Prompt: Restate the listing below word for word. No picture belongs in the result.

Exercise data:
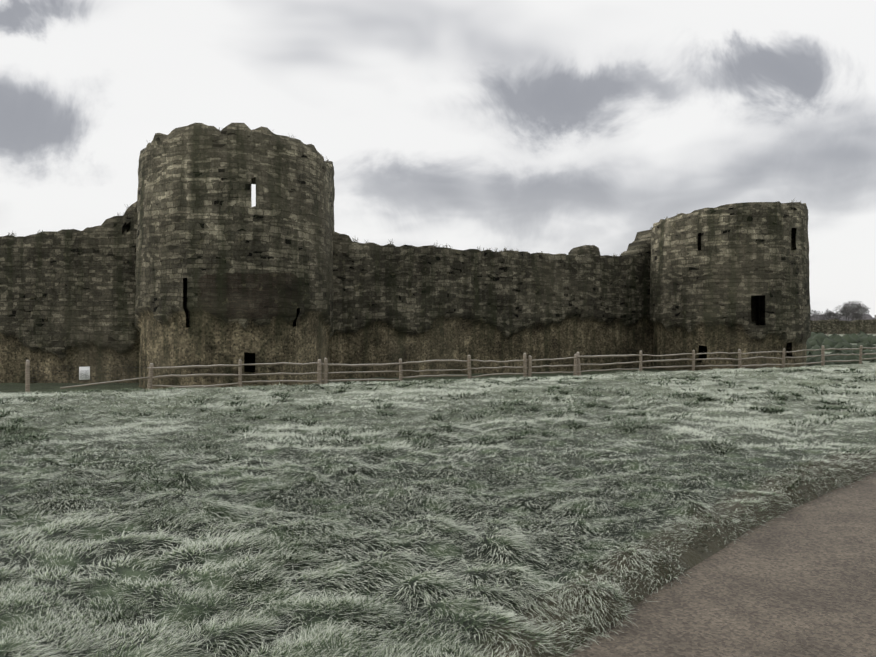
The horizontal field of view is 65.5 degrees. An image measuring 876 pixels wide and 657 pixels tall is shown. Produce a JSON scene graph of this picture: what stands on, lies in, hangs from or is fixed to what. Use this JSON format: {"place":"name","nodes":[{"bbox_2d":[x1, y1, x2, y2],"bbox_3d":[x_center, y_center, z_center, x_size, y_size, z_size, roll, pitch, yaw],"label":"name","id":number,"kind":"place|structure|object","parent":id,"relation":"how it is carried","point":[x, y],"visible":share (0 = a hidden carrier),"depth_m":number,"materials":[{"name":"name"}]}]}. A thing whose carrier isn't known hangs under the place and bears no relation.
{"place":"outdoors","nodes":[
{"label":"outdoors","id":0,"kind":"place"},
{"bbox_2d":[134,123,334,388],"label":"tower","id":1,"kind":"structure","parent":0,"point":[226,273],"depth_m":33.27,"materials":[{"name":"grey stone"}]},
{"bbox_2d":[0,334,875,656],"bbox_3d":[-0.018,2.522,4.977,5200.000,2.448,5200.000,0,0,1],"label":"ground","id":2,"kind":"structure","parent":0,"point":[690,556],"depth_m":5.80,"materials":[{"name":"green plant"}]},
{"bbox_2d":[0,201,139,383],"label":"wall","id":3,"kind":"structure","parent":2,"relation":"on","point":[67,303],"depth_m":37.92,"materials":[{"name":"stone"}]},
{"bbox_2d":[79,367,89,379],"bbox_3d":[-12.257,1.549,23.624,0.340,0.450,0.006,0,0,-41],"label":"notice sign","id":4,"kind":"object","parent":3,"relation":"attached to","point":[84,373],"visible":0.86,"depth_m":23.62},
{"bbox_2d":[8,127,800,255],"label":"wall weeds","id":5,"kind":"object","parent":3,"relation":"on","point":[13,234],"depth_m":41.68,"materials":[{"name":"green plant"}]},
{"bbox_2d":[30,365,148,388],"bbox_3d":[-12.093,1.799,23.791,2.896,1.196,2.600,0,0,1],"label":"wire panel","id":6,"kind":"object","parent":2,"relation":"on","point":[123,377],"visible":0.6,"depth_m":24.34,"materials":[{"name":"brown wood"}]},
{"bbox_2d":[25,345,875,392],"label":"fence","id":7,"kind":"object","parent":2,"relation":"on","point":[576,365],"visible":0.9,"depth_m":29.33,"materials":[{"name":"brown wood"}]},
{"bbox_2d":[329,229,653,379],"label":"wall","id":8,"kind":"structure","parent":2,"relation":"on","point":[392,303],"depth_m":44.06,"materials":[{"name":"stone"}]},
{"bbox_2d":[568,245,599,254],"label":"keep fragment","id":9,"kind":"object","parent":2,"relation":"on","point":[587,249],"depth_m":65.17,"materials":[{"name":"stone"}]},
{"bbox_2d":[810,300,869,320],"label":"trees","id":10,"kind":"object","parent":2,"relation":"on","point":[847,309],"visible":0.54,"depth_m":257.32,"materials":[{"name":"grey plant"}]},
{"bbox_2d":[806,331,875,366],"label":"meadow scrub","id":11,"kind":"object","parent":2,"relation":"on","point":[815,340],"visible":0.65,"depth_m":77.09,"materials":[{"name":"green plant"}]},
{"bbox_2d":[810,319,875,333],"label":"stone wall","id":12,"kind":"structure","parent":2,"relation":"on","point":[836,326],"depth_m":217.74,"materials":[{"name":"stone"}]},
{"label":"houses","id":13,"kind":"object","parent":2,"relation":"on","visible":0},
{"bbox_2d":[810,314,874,319],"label":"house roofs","id":14,"kind":"structure","parent":13,"relation":"on","point":[868,316],"depth_m":292.01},
{"bbox_2d":[0,0,875,317],"label":"sky","id":15,"kind":"structure","parent":0,"point":[531,126],"materials":[{"name":"white"}]},
{"bbox_2d":[567,472,875,656],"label":"path","id":16,"kind":"structure","parent":0,"point":[799,581],"depth_m":4.08,"materials":[{"name":"brown gravel"}]},
{"bbox_2d":[649,201,810,370],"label":"tower","id":17,"kind":"structure","parent":0,"point":[702,297],"depth_m":43.06,"materials":[{"name":"grey stone"}]}
]}

Task solution:
The horizontal field of view is 65.5 degrees. An image measuring 876 pixels wide and 657 pixels tall is shown. Produce a JSON scene graph of this picture: what stands on, lies in, hangs from or is fixed to what. Use this JSON format: {"place":"name","nodes":[{"bbox_2d":[x1, y1, x2, y2],"bbox_3d":[x_center, y_center, z_center, x_size, y_size, z_size, roll, pitch, yaw],"label":"name","id":number,"kind":"place|structure|object","parent":id,"relation":"how it is carried","point":[x, y],"visible":share (0 = a hidden carrier),"depth_m":number,"materials":[{"name":"name"}]}]}. A thing whose carrier isn't known hangs under the place and bears no relation.
{"place":"outdoors","nodes":[
{"label":"outdoors","id":0,"kind":"place"},
{"bbox_2d":[134,123,334,388],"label":"tower","id":1,"kind":"structure","parent":0,"point":[226,273],"depth_m":33.27,"materials":[{"name":"grey stone"}]},
{"bbox_2d":[0,334,875,656],"bbox_3d":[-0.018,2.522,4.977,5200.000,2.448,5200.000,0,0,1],"label":"ground","id":2,"kind":"structure","parent":0,"point":[690,556],"depth_m":5.80,"materials":[{"name":"green plant"}]},
{"bbox_2d":[0,201,139,383],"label":"wall","id":3,"kind":"structure","parent":2,"relation":"on","point":[67,303],"depth_m":37.92,"materials":[{"name":"stone"}]},
{"bbox_2d":[79,367,89,379],"bbox_3d":[-12.257,1.549,23.624,0.340,0.450,0.006,0,0,-41],"label":"notice sign","id":4,"kind":"object","parent":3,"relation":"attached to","point":[84,373],"visible":0.86,"depth_m":23.62},
{"bbox_2d":[8,127,800,255],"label":"wall weeds","id":5,"kind":"object","parent":3,"relation":"on","point":[13,234],"depth_m":41.68,"materials":[{"name":"green plant"}]},
{"bbox_2d":[30,365,148,388],"bbox_3d":[-12.093,1.799,23.791,2.896,1.196,2.600,0,0,1],"label":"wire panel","id":6,"kind":"object","parent":2,"relation":"on","point":[123,377],"visible":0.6,"depth_m":24.34,"materials":[{"name":"brown wood"}]},
{"bbox_2d":[25,345,875,392],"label":"fence","id":7,"kind":"object","parent":2,"relation":"on","point":[576,365],"visible":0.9,"depth_m":29.33,"materials":[{"name":"brown wood"}]},
{"bbox_2d":[329,229,653,379],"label":"wall","id":8,"kind":"structure","parent":2,"relation":"on","point":[392,303],"depth_m":44.06,"materials":[{"name":"stone"}]},
{"bbox_2d":[568,245,599,254],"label":"keep fragment","id":9,"kind":"object","parent":2,"relation":"on","point":[587,249],"depth_m":65.17,"materials":[{"name":"stone"}]},
{"bbox_2d":[810,300,869,320],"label":"trees","id":10,"kind":"object","parent":2,"relation":"on","point":[847,309],"visible":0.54,"depth_m":257.32,"materials":[{"name":"grey plant"}]},
{"bbox_2d":[806,331,875,366],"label":"meadow scrub","id":11,"kind":"object","parent":2,"relation":"on","point":[815,340],"visible":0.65,"depth_m":77.09,"materials":[{"name":"green plant"}]},
{"bbox_2d":[810,319,875,333],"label":"stone wall","id":12,"kind":"structure","parent":2,"relation":"on","point":[836,326],"depth_m":217.74,"materials":[{"name":"stone"}]},
{"label":"houses","id":13,"kind":"object","parent":2,"relation":"on","visible":0},
{"bbox_2d":[810,314,874,319],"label":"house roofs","id":14,"kind":"structure","parent":13,"relation":"on","point":[868,316],"depth_m":292.01},
{"bbox_2d":[0,0,875,317],"label":"sky","id":15,"kind":"structure","parent":0,"point":[531,126],"materials":[{"name":"white"}]},
{"bbox_2d":[567,472,875,656],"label":"path","id":16,"kind":"structure","parent":0,"point":[799,581],"depth_m":4.08,"materials":[{"name":"brown gravel"}]},
{"bbox_2d":[649,201,810,370],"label":"tower","id":17,"kind":"structure","parent":0,"point":[702,297],"depth_m":43.06,"materials":[{"name":"grey stone"}]}
]}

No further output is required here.